Mobile wallets like PayPal and Stripe have been out for a while now. But advancements like digital authentication and ‘buy now, pay later’ are constantly revolutionizing the mobile payments market. 

In this article, we’ll talk about Klara, a Sweden-based mobile payments app that has introduced a new era of online shopping. 

Lastly, we’ll discuss the typical features and benefits of Klarna-like mobile payments apps and how you can get one for your business. 

Excited? Let’s jump in. 

What is Klarna?

Klarna is a mobile payments app owned by Klarna Bank AB. It is a one-stop shopping app that allows you to take control of your personal finances. One of the most striking features of the Klarna app is that it enables you to buy first and pay later.

Let’s take a quick look at the main features of the Klarna app.

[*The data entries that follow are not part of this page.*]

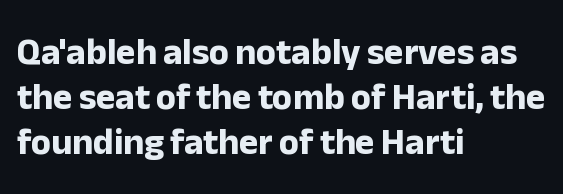
Note the varied advance widths — an 'i' is clearly narrower than an 'm'. Tall strokes in this sample are plumb rather than angled. The face used here is rendered with its standard letterfit. Which margin do the lines hug? The left one — the right edge is uneven. Each letter's strokes conclude bluntly, with no projecting serifs. Descender tails drop into unmarked territory.
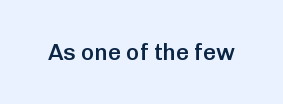
The image shows 23 px text type, upright; set normal letter spacing, not underlined.
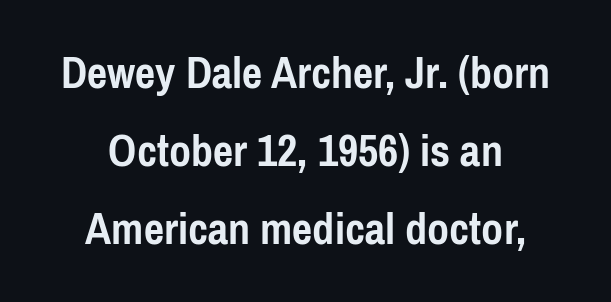
{"serif": "no", "italic": "no", "bold": "yes", "weight": "semibold", "width": "condensed", "stroke_contrast": "low", "x_height": "medium", "monospaced": "no", "underline": "no", "align": "center", "line_spacing": "normal", "line_spacing_ratio": 1.62, "letter_spacing": "normal", "letter_spacing_em": 0.0, "glyph_px": 48}
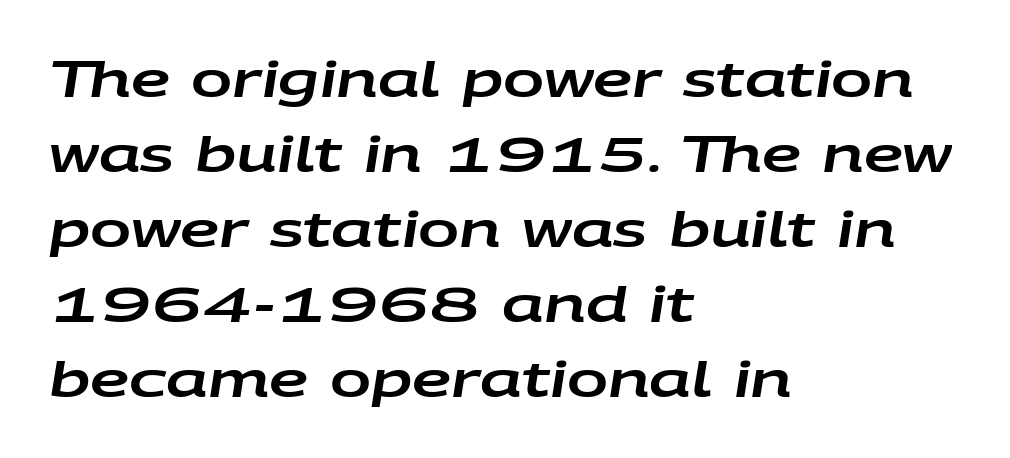
The image shows 49 px wide type, italic (leaning right); set left-aligned, normal line spacing (1.53x), normal letter spacing, not underlined; low stroke contrast and a large x-height.
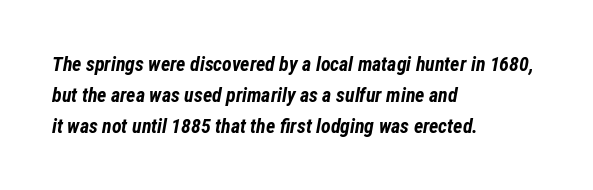
Reading down the column, the eye jumps a familiar distance to each next line. Quick note: underline off. Horizontally, the lines are justified to the leading edge only. The typography opts for an oblique posture over an upright one. Characters follow at the spacing the type designer built in. I'd describe the lettering as bold — thick and assertive.
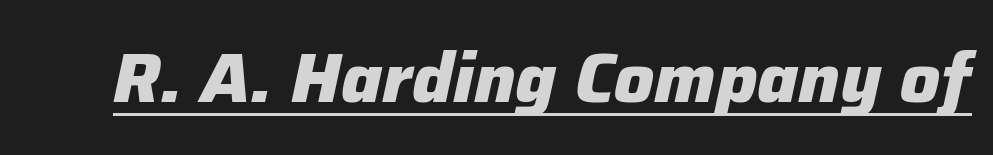
The image shows 70 px heavy type, italic (leaning right); set normal letter spacing, underlined; low stroke contrast and a medium x-height.
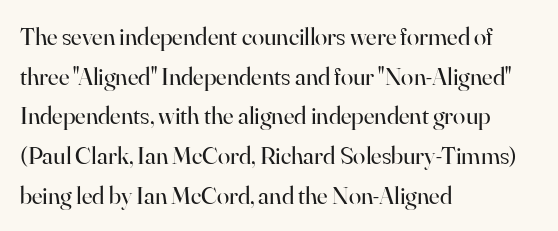
Q: Is the text bold? A: No.
Q: Is the text italic (slanted)? A: No, it is upright.
Q: Is the text underlined? A: No.
Q: How is the paragraph aligned? A: Left-aligned.
Q: Is the spacing between letters normal or unusually wide? A: Normal.
Q: Is the spacing between lines tight, normal or loose? A: Normal.

  • Pay as you wish: Shop as you want, pay now, later, or split it. 
  • Snooze your payment: If you need more time to make the payment, you can snooze it in your app and pay later. 
  • Handle your payments: You can manage all your payments and finances in one app. 
  • Push notifications: Never miss a payment again with Klarna’s in-app push notifications. 
  • Try before you buy: Purchase the items, try them, and return them if you’re not satisfied. You don’t have to pay for the items in the meantime. 
  • Track your deliveries: Get real-time information about your orders. 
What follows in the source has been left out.